[Issue 14125] @trusted nested helper functions in std.file

via Digitalmars-d-bugs digitalmars-d-bugs at puremagic.com
Wed Feb 4 23:00:26 PST 2015


https://issues.dlang.org/show_bug.cgi?id=14125

--- Comment #71 from David Nadlinger <code at klickverbot.at> ---
(In reply to Andrei Alexandrescu from comment #61)
> Well I just did - std.file does count for real-world code. It's just not
> right.

Hold on a second. I'm suggesting that trying to clean up the std.array
functions might lead to an insight or two (interplay between the need for
@system code and template attribute inference), and you reply by claiming that
std.file is bad code?

I never tried to convince you that all real-world code would unambiguously
benefit from finer-grained @trusted-ness. But there is a good amount of code
where, as I wrote earlier, "[its] conceptual equivalent is useful right now".
Generic range algorithms that do some @system optimizations internally, such as
std.array, are an example.

This discussion would be much easier if you didn't assume that I don't know
what I'm talking about. In fact, I'm rather confident that I have a better
understanding of @safe-ty than most other people. :) You are just not seeing a
part of the problem that is there, right now, in real world generic code.
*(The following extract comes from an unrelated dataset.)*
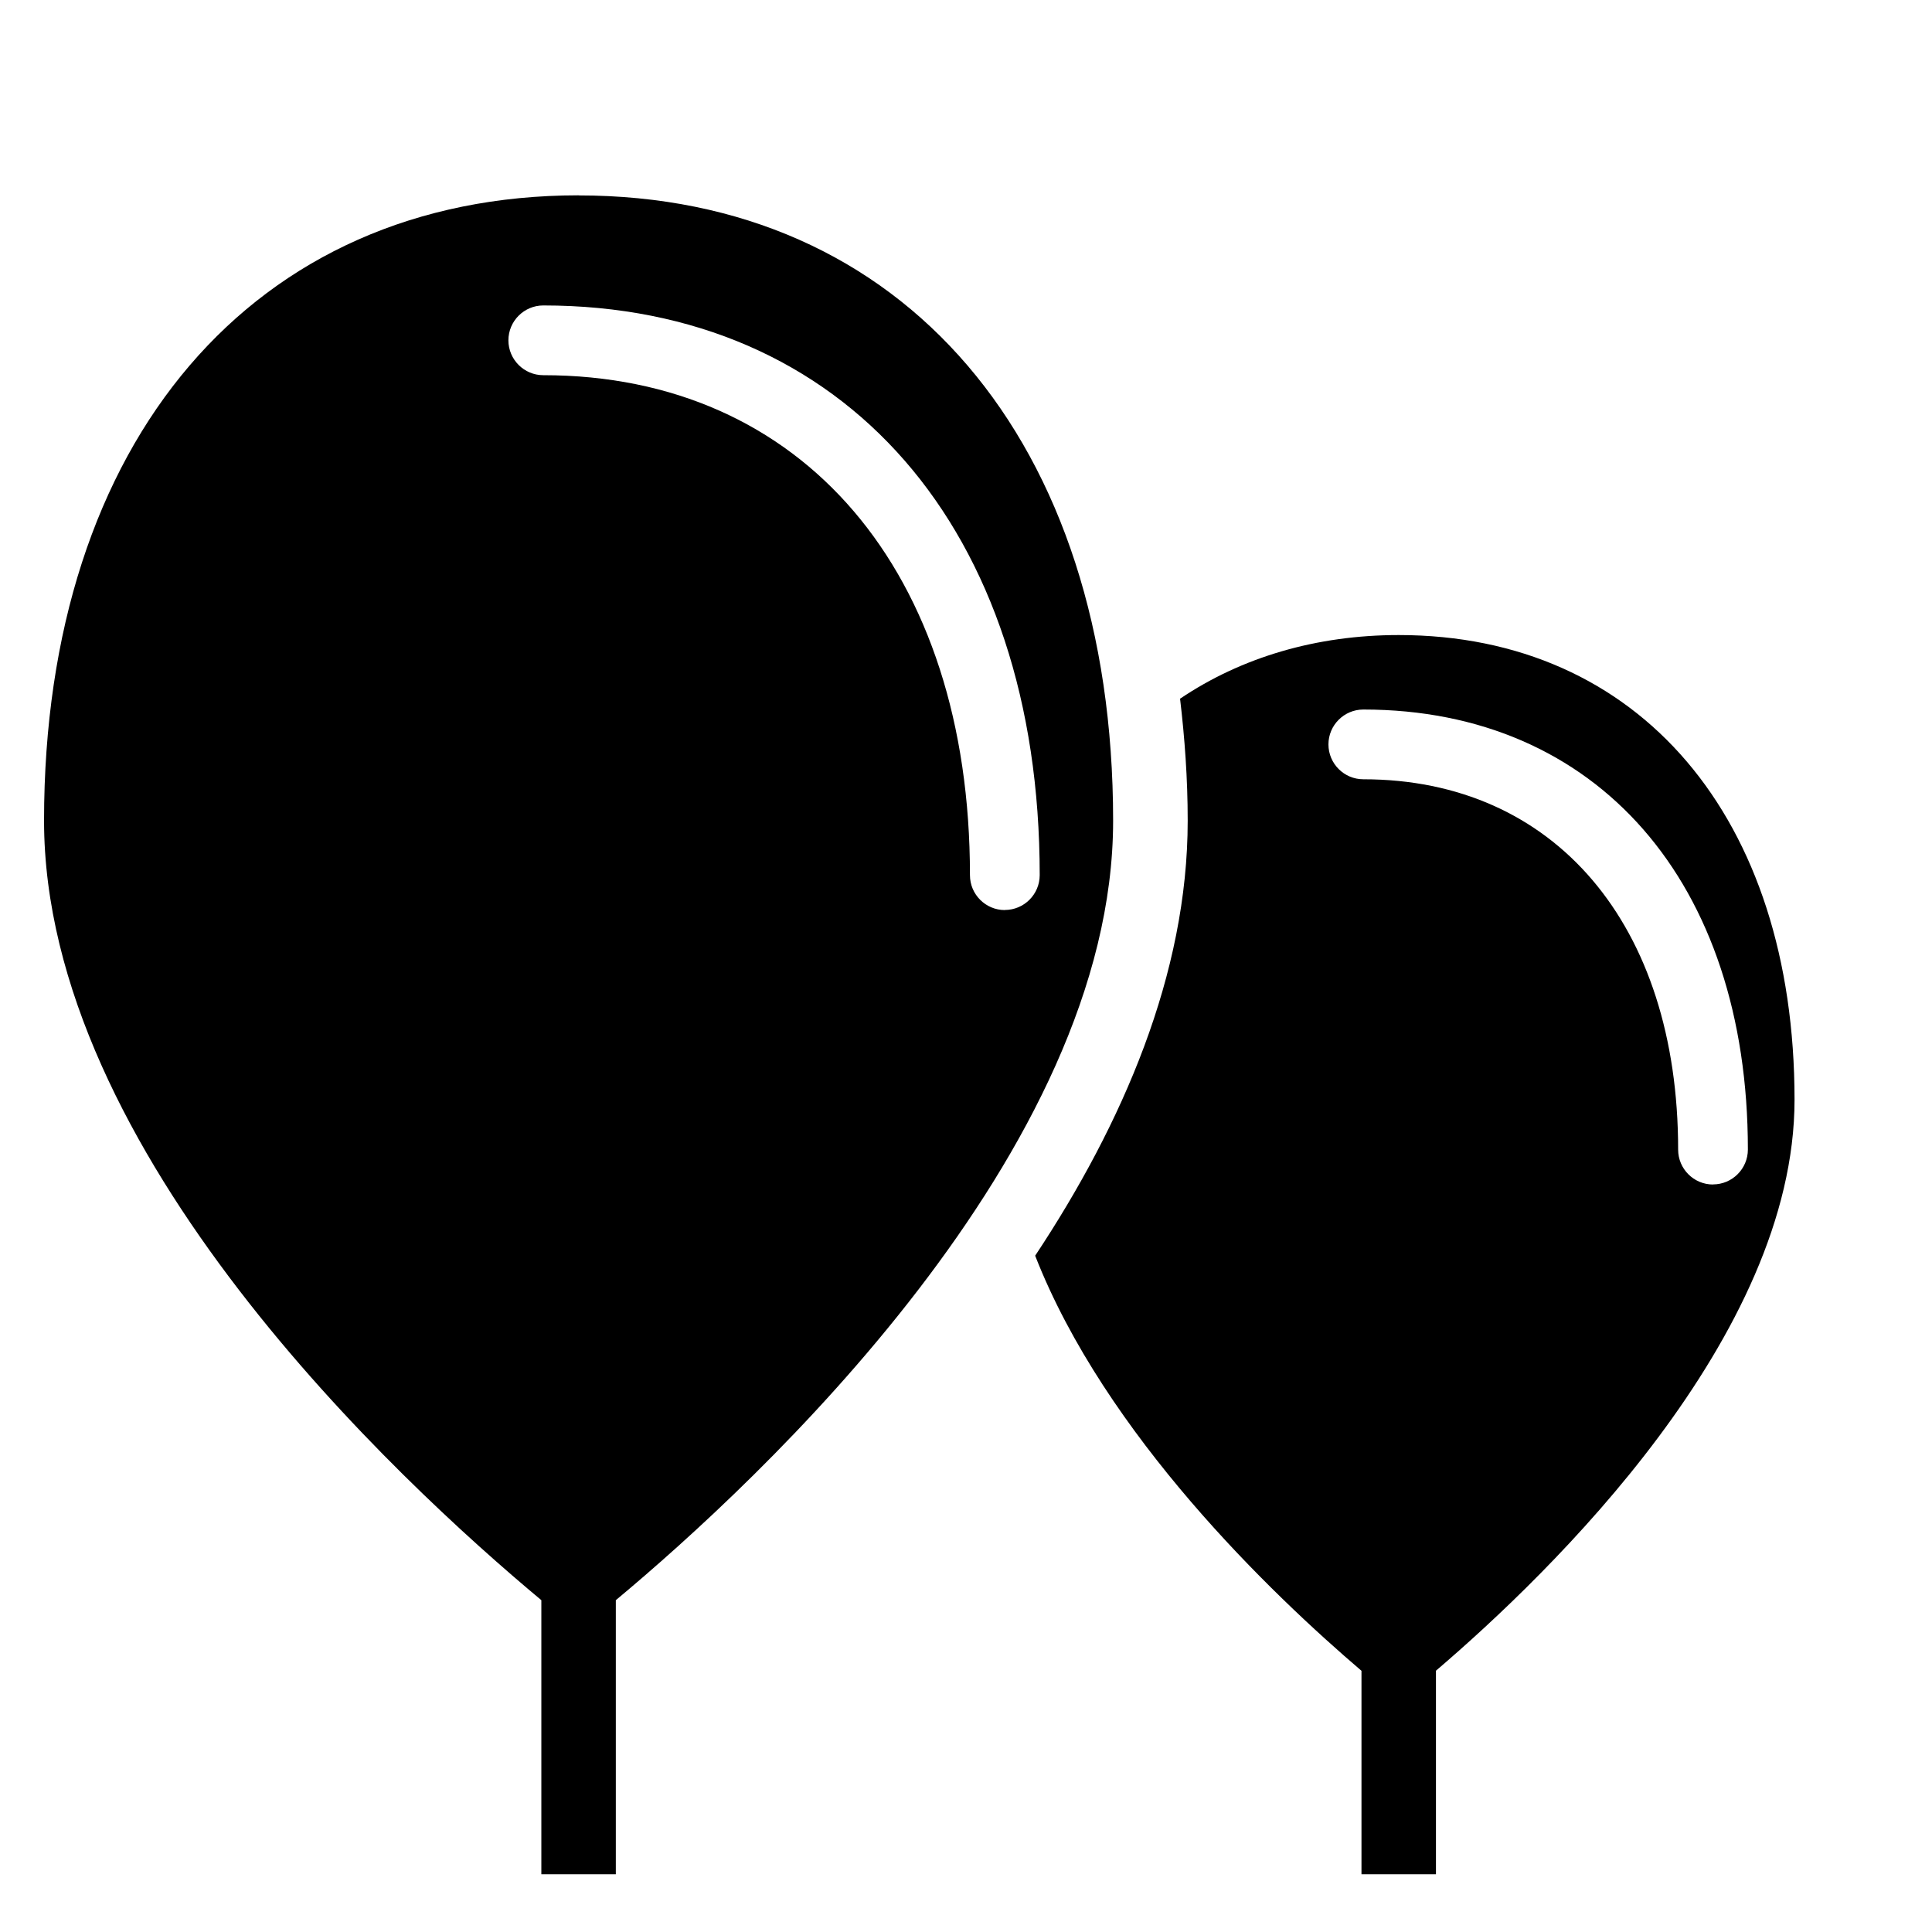 <?xml version="1.0" encoding="UTF-8"?> <svg xmlns="http://www.w3.org/2000/svg" id="a" viewBox="0 0 200 200"><path d="M144.8,65.74c-8.5,0-16.27,2.29-22.64,6.59,.48,4.06,.79,8.24,.79,12.63,0,15.91-6.77,31.42-15.79,45.03,7.25,18.55,24.51,35.06,33.78,42.97v21.06h7.71v-21.07c11.93-10.19,37.12-34.6,37.12-59.11,0-29.22-16.09-48.1-40.98-48.1Zm32.53,56.88c-1.99,0-3.61-1.62-3.61-3.61,0-23.29-12.79-38.34-32.59-38.34-1.99,0-3.61-1.62-3.61-3.61s1.62-3.61,3.61-3.61c24.18,0,39.81,17.88,39.81,45.55,0,1.99-1.62,3.61-3.61,3.61Z"></path><path d="M59.9,20.22C26.29,20.22,4.56,45.63,4.56,84.95c0,34.33,36.63,68.32,51.48,80.7v28.37h7.71v-28.37c14.85-12.38,51.48-46.41,51.48-80.69,0-39.32-21.72-64.73-55.33-64.73Zm44.12,73.99c-1.99,0-3.61-1.62-3.61-3.61,0-31.44-17.34-51.76-44.17-51.76-1.99,0-3.61-1.62-3.61-3.61s1.62-3.61,3.61-3.61c31.22,0,51.39,23.15,51.39,58.97,0,1.99-1.62,3.61-3.61,3.61Z"></path></svg>

Whatever the solution to this issue will be—nested functions as currently used
in parts of Phobos, @trusted lambdas, @trusted blocks or something else
entirely—, discussing design decisions doesn't make a lot of sense without a
good grasp of the problem domain.

I'm rather certain that you calling std.array a disaster area is a consequence
of that. So, please consider how the need for attribute inference might
influence the picture before we discuss this any further. Once we agree on a
non-disastrous solution for the cases where the safety of a function depends on
a template parameter we can discuss how we might or might not want to apply it
as a general coding guideline in situations like std.file.